Lines from the one containing "влязат в сила" through the end of the material are to be retyped exactly; do not copy pictures.

### Collected data
◆ ◆ ◆ ◆ ◆ ◆ ◆

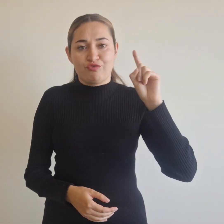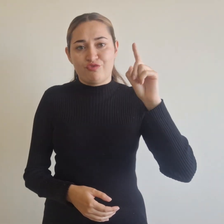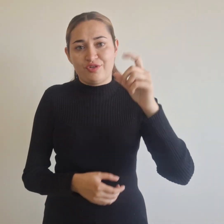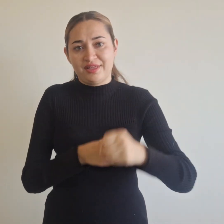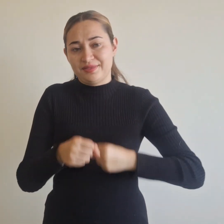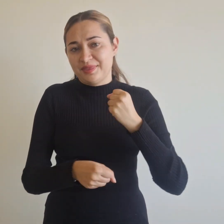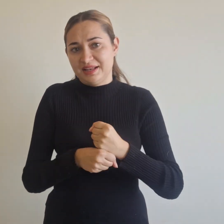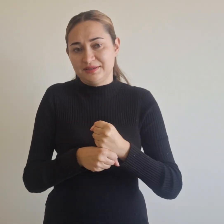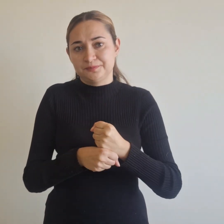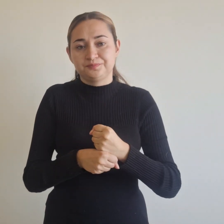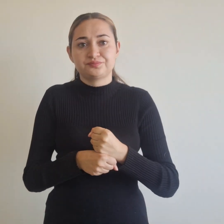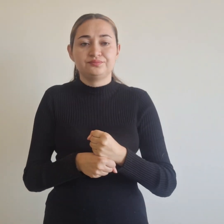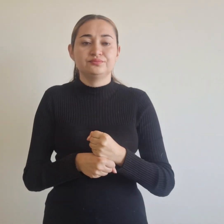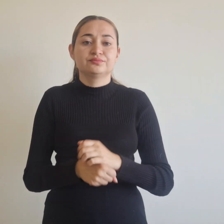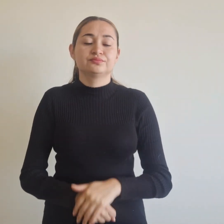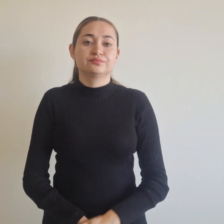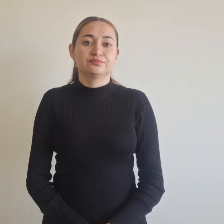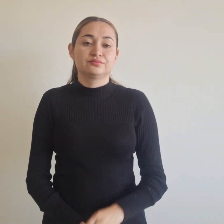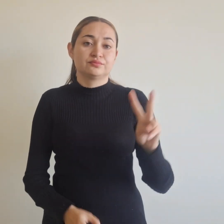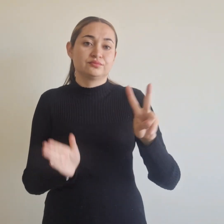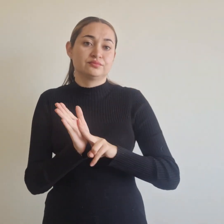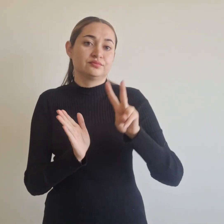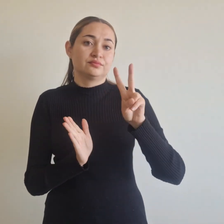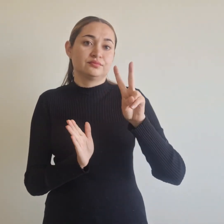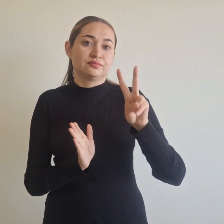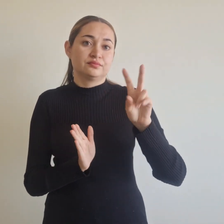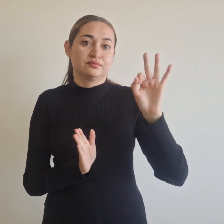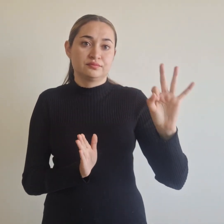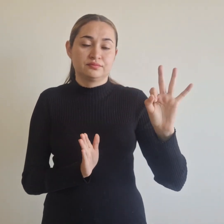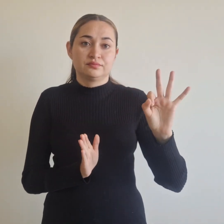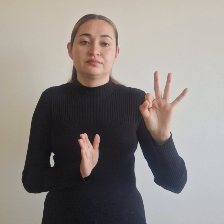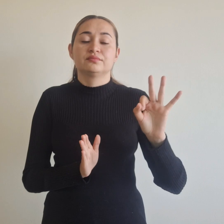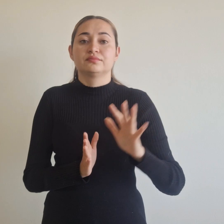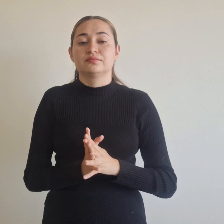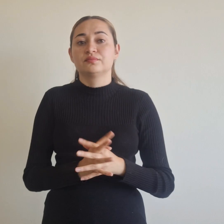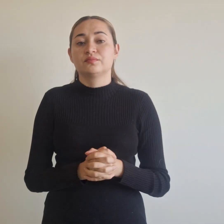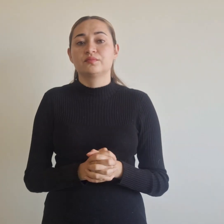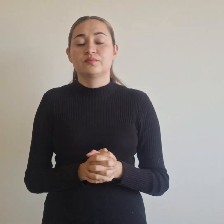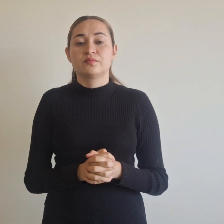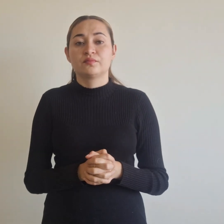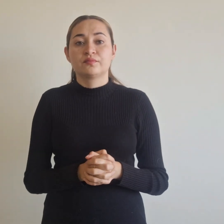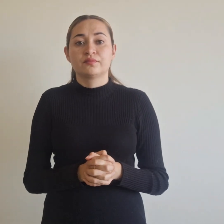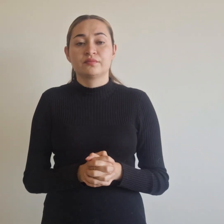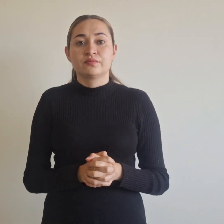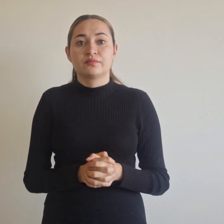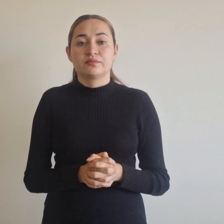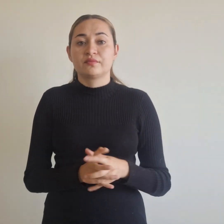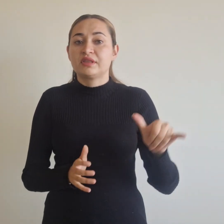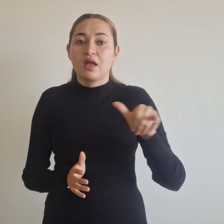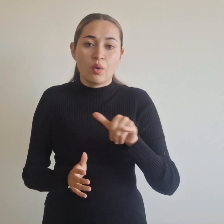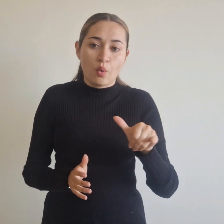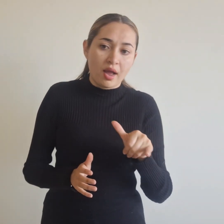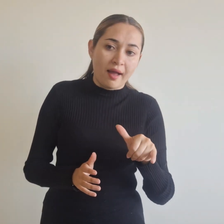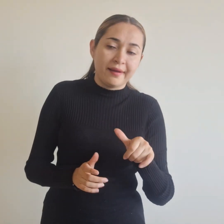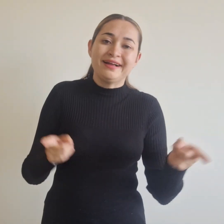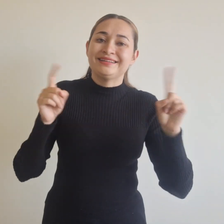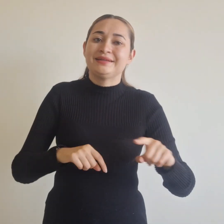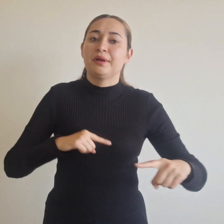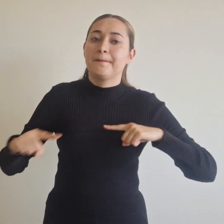las disposiciones del año 2023. No obstante, desde la Administración Municipal,
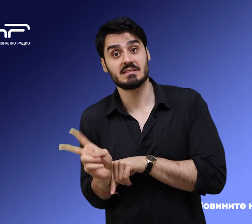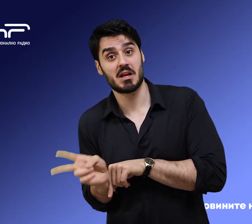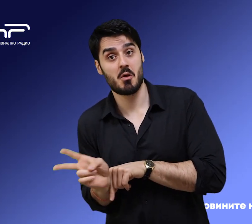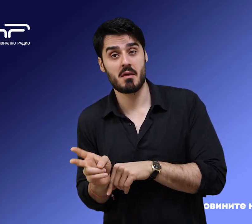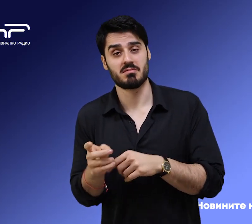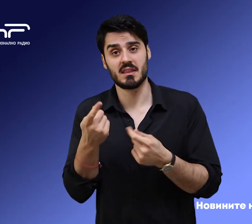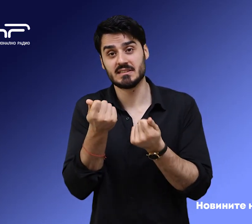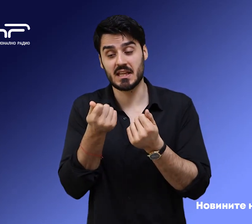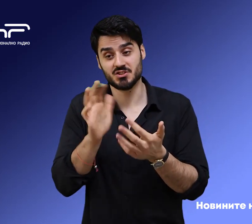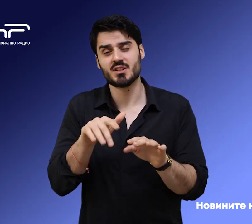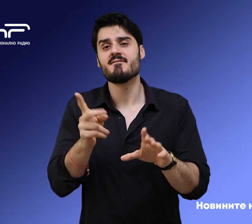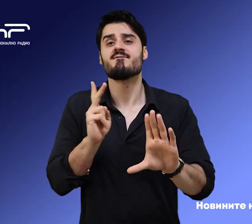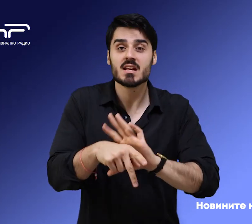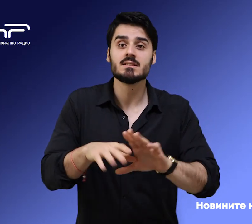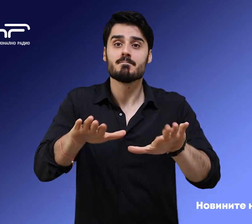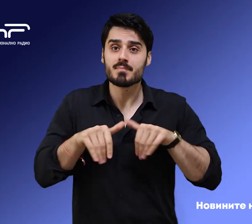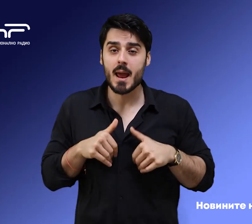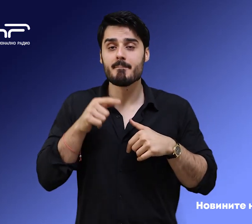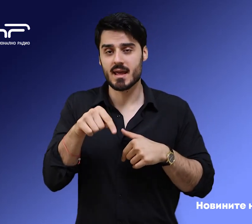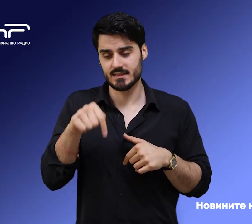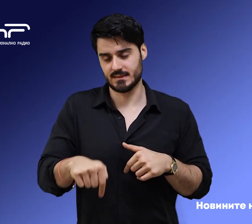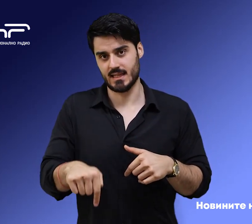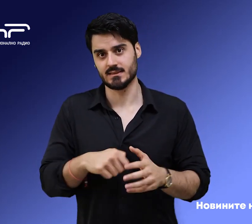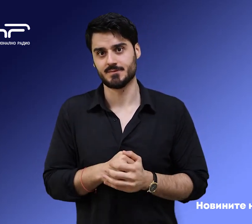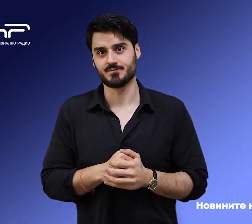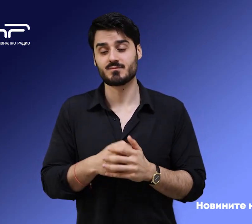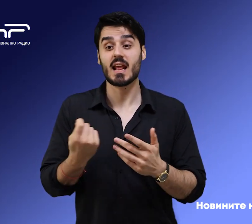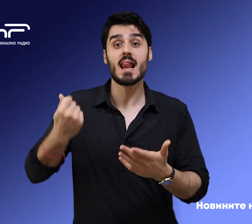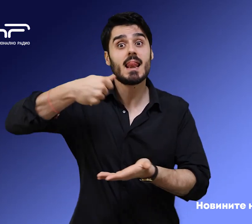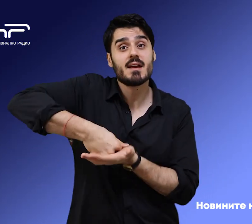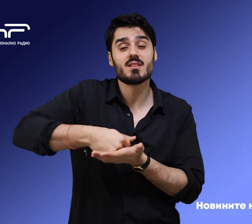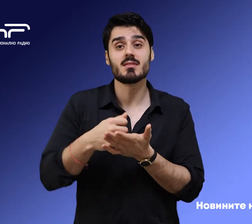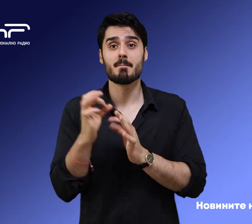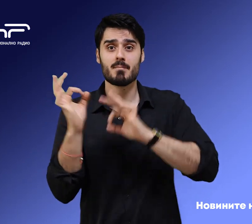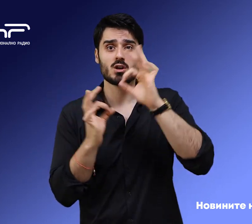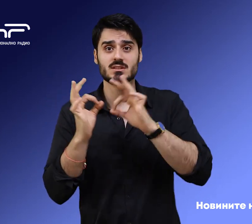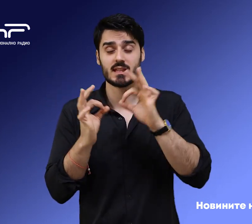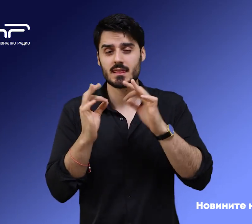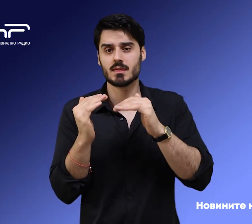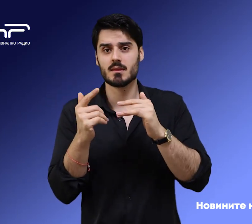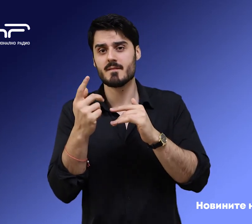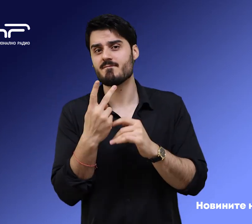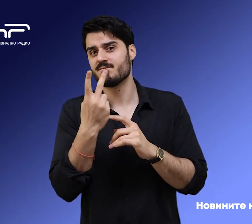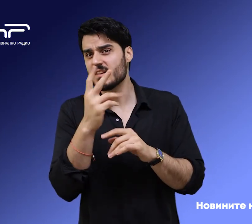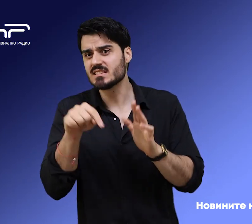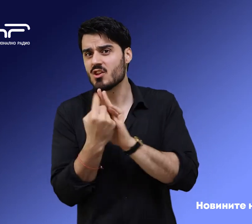влязат в сила от днес. Основният лихвен процент вече е 2,17 на 100. За първи път от години на сам
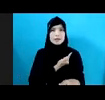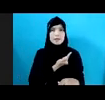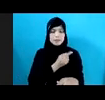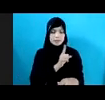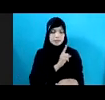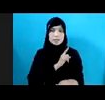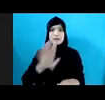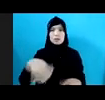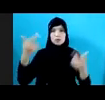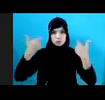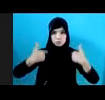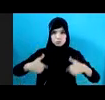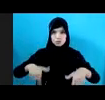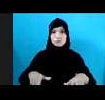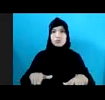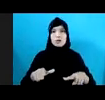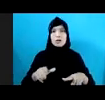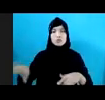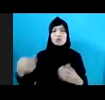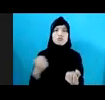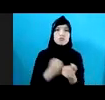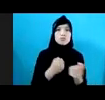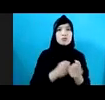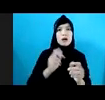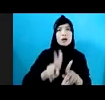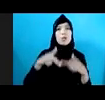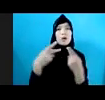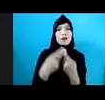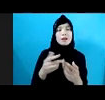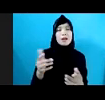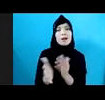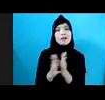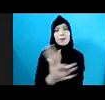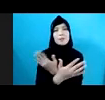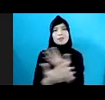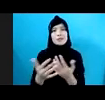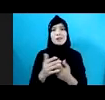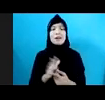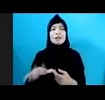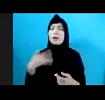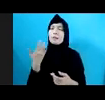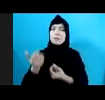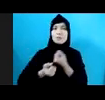Terhadap Berbagai Hal Dengan Dukungan Keluarga Dan Masyarakat Sehingga Kami Juga Mengupayakan

◆ ◆ ◆ ◆ ◆ ◆ ◆

### Task solution
влязат в сила от днес. Основният лихвен процент вече е 2,17 на 100. За първи път от години на сам
Terhadap Berbagai Hal Dengan Dukungan Keluarga Dan Masyarakat Sehingga Kami Juga Mengupayakan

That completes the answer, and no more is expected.